The Tango runtime is under-emphasized in the presentation. In addition to providing the update_helper and query_helper methods and up-calling apply, the runtime also maintains a mapping from human friendly names to oids. Included in the mapping is the offset of the latest forget for each object. That update_helper and query_helper actually provide a more involved interface: we want to have a key so we can have only parts of an object update (e.g. different keys in a hash map) and we want to support restoring to historical snapshots.

TODO Explicate example in Durability subsection.

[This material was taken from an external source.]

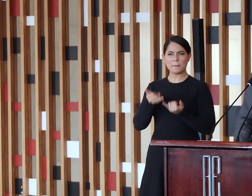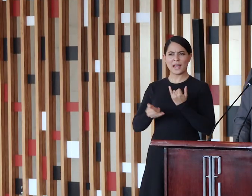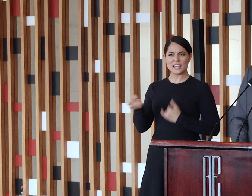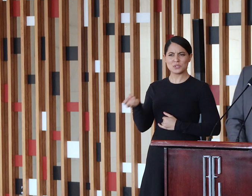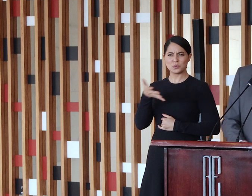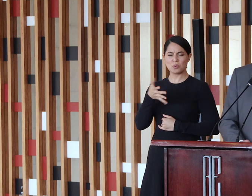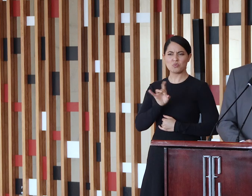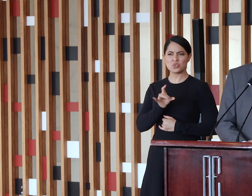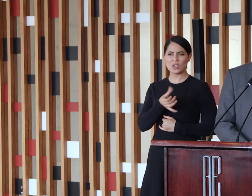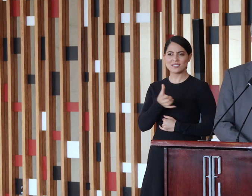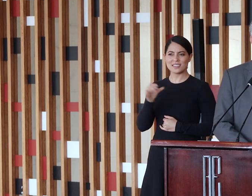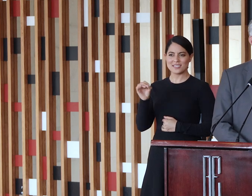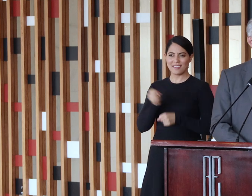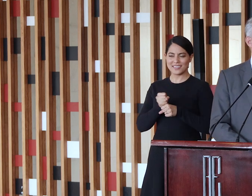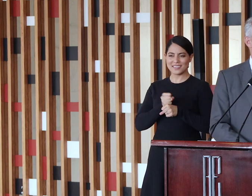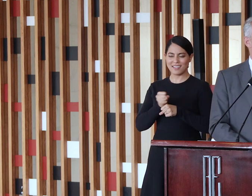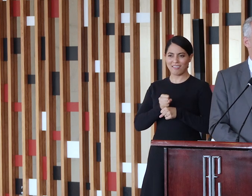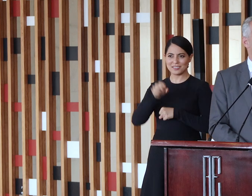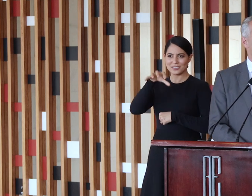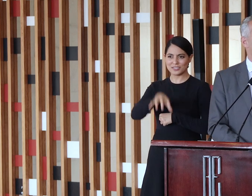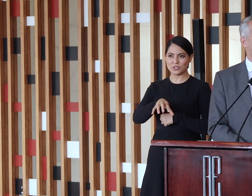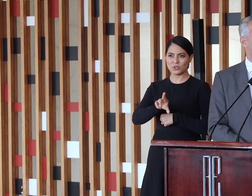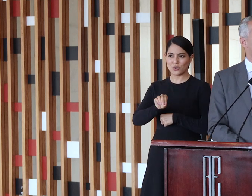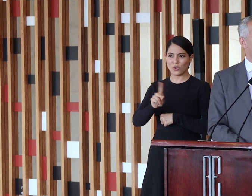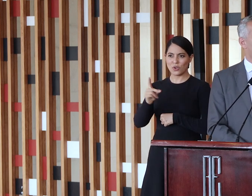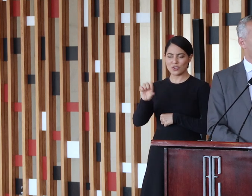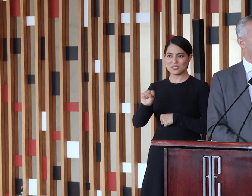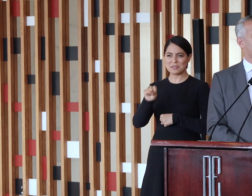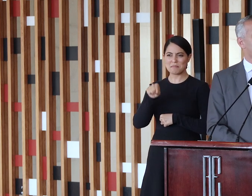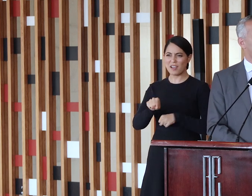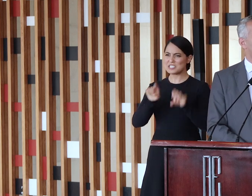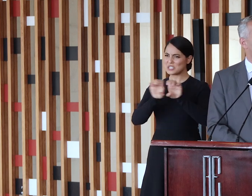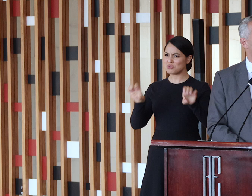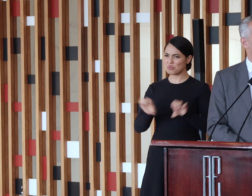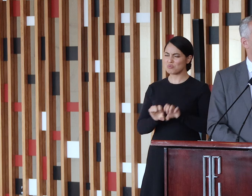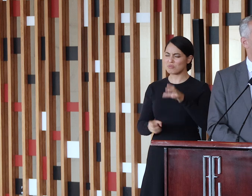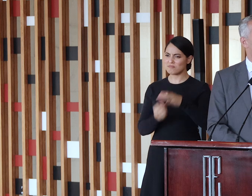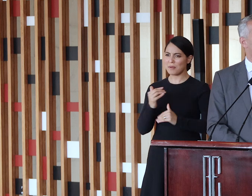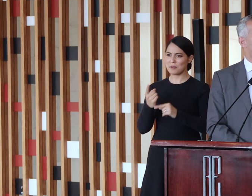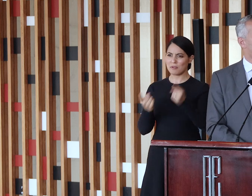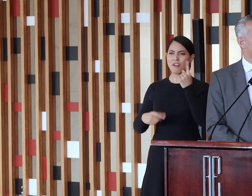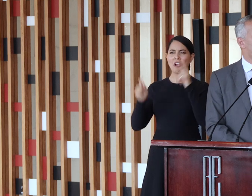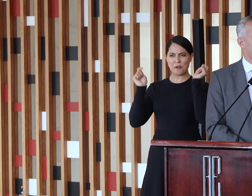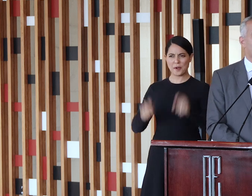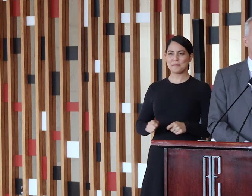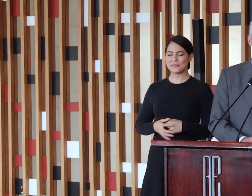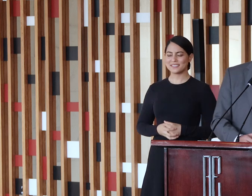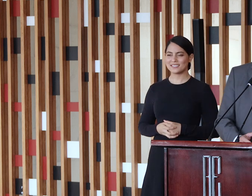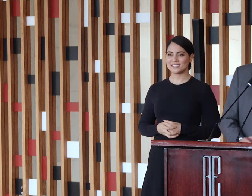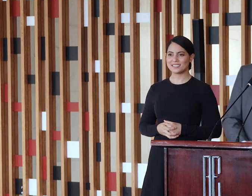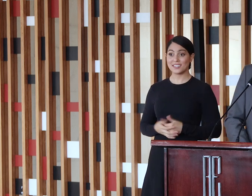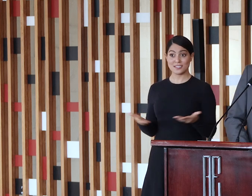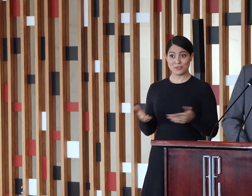são só 60 anos, mas que já tem a pujança e a competência que tem o setor de rocha brasileiro. E se o Espírito

// Most of the methods that interact with the log would likely be presented async in actuality.

interface ICorfu {
    int Append(LogEntry entry);
    void Trim(int offset);
    LogEntry Read(int offset);
    int TailOffset(); // "Check"
}

interface ITangoObject {
    Unique Oid { get; }
    void Apply(Opaque value, int offset, Opaque? key);

    // They don't mention needing an up-call for this, but I'm not sure how else to do it.
    // There are alternative approaches that I can think of, but they seem more horrible than this.
    void ApplyCheckpoint(Opaque state, int offset);
    bool Conflicts(Opaque oldValue, Opaque newValue);
}

interface ITangoDirectory : ITangoObject {
    Entry getByOid(Unique oid);
    Entry getByName(string name);
    void put(Entry e); // or perhaps something more fine-grained
}

struct Entry {
    Unique Oid;
    string Name;
    int forgetOffset;
    int latestCheckpoint; // ??? I'm guessing this is tracked here.  This is safe to read stale in QueryHelper.
}

interface ITangoRuntime { 
    void UpdateHelper(Unique oid, Opaque value, Opaque? key); 
    void QueryHelper(Unique oid, int? stopOffset);
}

interface ITangoTransaction : ITangoRuntime {
    bool Commit(); // Both Commit and Abort can fail, though it would be surprising if Abort failed.
    bool Abort();
}

class TangoRuntime : ITangoRuntime, ITangoDirectory {
    void Checkpoint(Unique oid, Opaque state);
    void Forget(int offset);
    ITangoTransaction BeginTransaction();
}
// Register example as I would do it (not relying on thread-local state).
class TangoRegister<T> : ITangoObject where T : Opaque {
    private readonly Unique oid;
    private T value;

    public TangoRegister(Unique oid, T initialValue) {
        this.oid = oid; this.value = initialValue;
    }

    public Unique Oid { get { return oid; } }
    
    internal void Apply(Opaque value, int offset, Opaque? key) {
        this.value = (T)value;
    }

    internal void ApplyCheckpoint(Opaque state, int offset) {
        this.value = (T)state;
    }

    public void Checkpoint(TangoRuntime rt) {
        rt.Checkpoint(this.Oid, this.value);
    }

    public T Get(ITangoRuntime rt) {
        rt.QueryHelper(this.Oid);
        return this.value;
    }

    public void Set(ITangoRuntime rt) {
        rt.UpdateHelper(this.Oid, this.value, null);
    }
}
// Guess at (high-level) on-disk structure. (Ignoring "filling" as that's a detail of CORFU, not really Tango.)
union LogEntry {
    Update, CommitRecord, DecisionRecord, Checkpoint 
}

struct Update {
    Unique Oid;
    Opaque? Key; // Really this would be in the Value.  As the conflict mechanism is pluggable.
    Opaque Value;
    bool Deleted; // "Trimmed."  Not actually stored on disk in CORFU, but this isn't CORFU.
    bool Speculative; // An update that should be ignored, but will be referenced in a (successful) commit record.
}

struct CommitRecord {
    Set<int> ReadOffsets; // Probably most convenient to represent these sets as sorted lists, earliest offset first.
    Set<int> WriteOffsets;
}

struct DecisionRecord {
    int CommitRecordOffset;
    bool Succeeded;
}

struct Checkpoint {
    Unique Oid;
    Opaque State;
    int? PreviousCheckpointOffset; // This isn't suggested by the paper, but it may make sense...
    // Generally, you could imagine arbitrary indexing if you want to be able to quickly rollback to any point in time.
}

Layered Partitions

A minor nuisance when first reading is the placing of the failure handling sub-sections (in this and the next section). As you are reading it becomes clear that the proposed changes violate earlier assumptions. These are addressed, but not until the end of the sections.

Streaming CORFU

Evaluation

No real comments except that it would have been nice to see the latency and throughput figures with the batched sequencer for various batch sizes.